## Exercise requirements:
Wherever "transitional" appears in a line of the listing, report that line.
+++ Record extracts +++
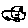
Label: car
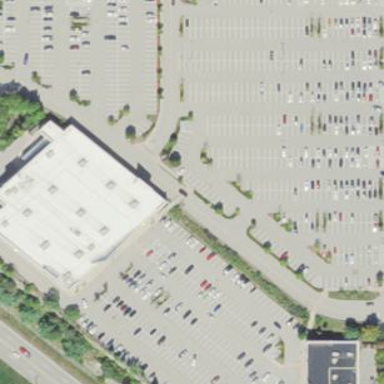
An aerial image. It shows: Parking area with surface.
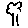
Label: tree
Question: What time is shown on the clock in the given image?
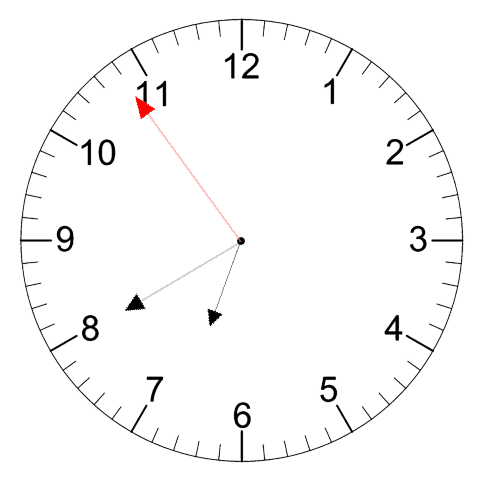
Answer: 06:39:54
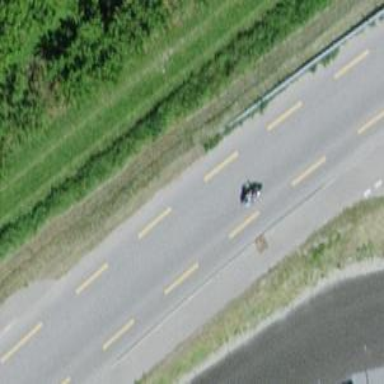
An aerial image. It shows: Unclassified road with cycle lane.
+++
+++ Record extracts +++
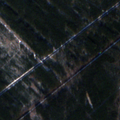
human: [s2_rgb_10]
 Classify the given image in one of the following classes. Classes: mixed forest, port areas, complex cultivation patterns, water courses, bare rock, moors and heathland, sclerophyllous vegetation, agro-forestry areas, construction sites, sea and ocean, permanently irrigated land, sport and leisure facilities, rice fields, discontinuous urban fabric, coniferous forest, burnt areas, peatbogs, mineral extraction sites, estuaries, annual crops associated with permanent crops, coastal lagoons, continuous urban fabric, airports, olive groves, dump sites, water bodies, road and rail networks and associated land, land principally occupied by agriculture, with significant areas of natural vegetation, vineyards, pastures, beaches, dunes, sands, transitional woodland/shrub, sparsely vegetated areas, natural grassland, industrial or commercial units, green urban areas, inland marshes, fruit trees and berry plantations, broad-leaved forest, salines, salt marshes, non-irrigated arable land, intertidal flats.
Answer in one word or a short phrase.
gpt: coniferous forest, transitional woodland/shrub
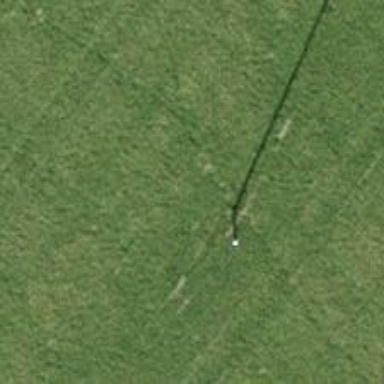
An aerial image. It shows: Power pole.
+++
## Answer to the problem:
 Classify the given image in one of the following classes. Classes: mixed forest, port areas, complex cultivation patterns, water courses, bare rock, moors and heathland, sclerophyllous vegetation, agro-forestry areas, construction sites, sea and ocean, permanently irrigated land, sport and leisure facilities, rice fields, discontinuous urban fabric, coniferous forest, burnt areas, peatbogs, mineral extraction sites, estuaries, annual crops associated with permanent crops, coastal lagoons, continuous urban fabric, airports, olive groves, dump sites, water bodies, road and rail networks and associated land, land principally occupied by agriculture, with significant areas of natural vegetation, vineyards, pastures, beaches, dunes, sands, transitional woodland/shrub, sparsely vegetated areas, natural grassland, industrial or commercial units, green urban areas, inland marshes, fruit trees and berry plantations, broad-leaved forest, salines, salt marshes, non-irrigated arable land, intertidal flats.
gpt: coniferous forest, transitional woodland/shrub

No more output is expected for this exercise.